WHAT THE TASK ASKS ▸ Only lines with the string "wife" should be returned from the data below.
EXTRACTED DATA Block Start
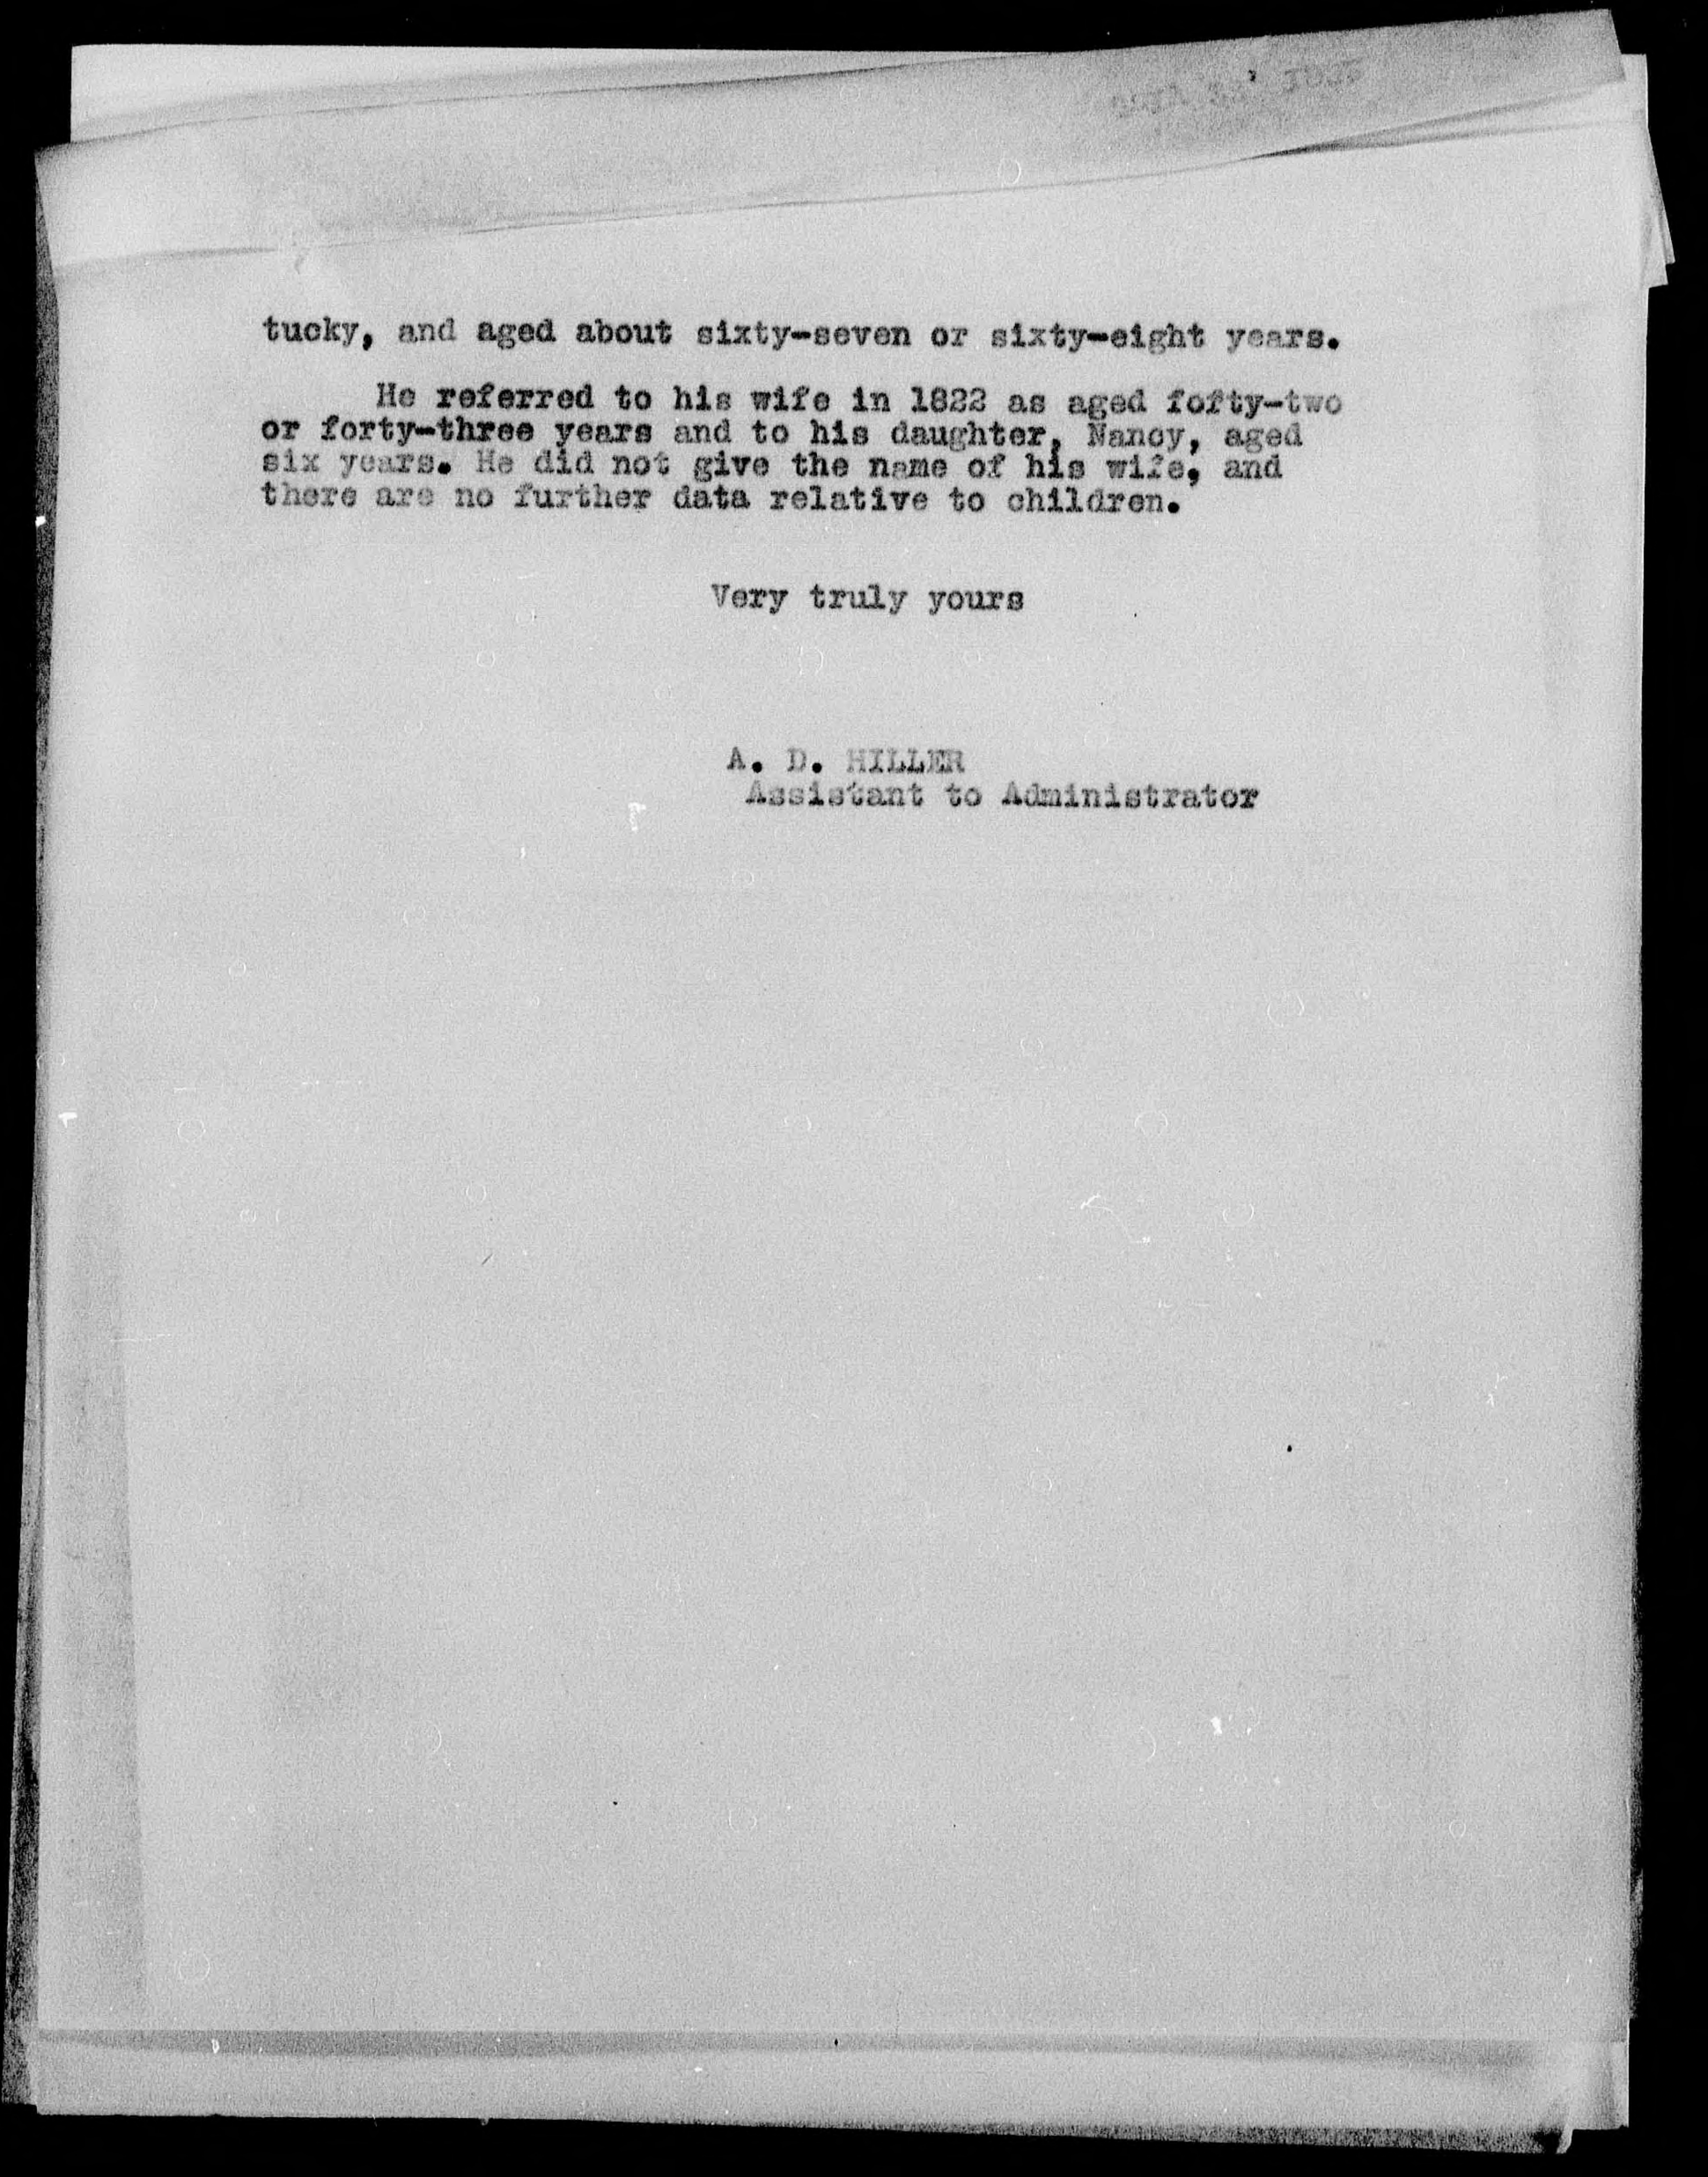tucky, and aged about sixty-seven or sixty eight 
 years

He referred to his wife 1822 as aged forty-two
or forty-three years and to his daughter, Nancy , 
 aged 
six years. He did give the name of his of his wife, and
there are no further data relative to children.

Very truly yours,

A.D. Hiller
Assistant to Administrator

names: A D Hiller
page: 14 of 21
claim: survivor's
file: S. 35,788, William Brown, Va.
EXTRACTED DATA Block End
ANSWER SECTION ▸
He referred to his wife 1822 as aged forty-two
six years. He did give the name of his of his wife, and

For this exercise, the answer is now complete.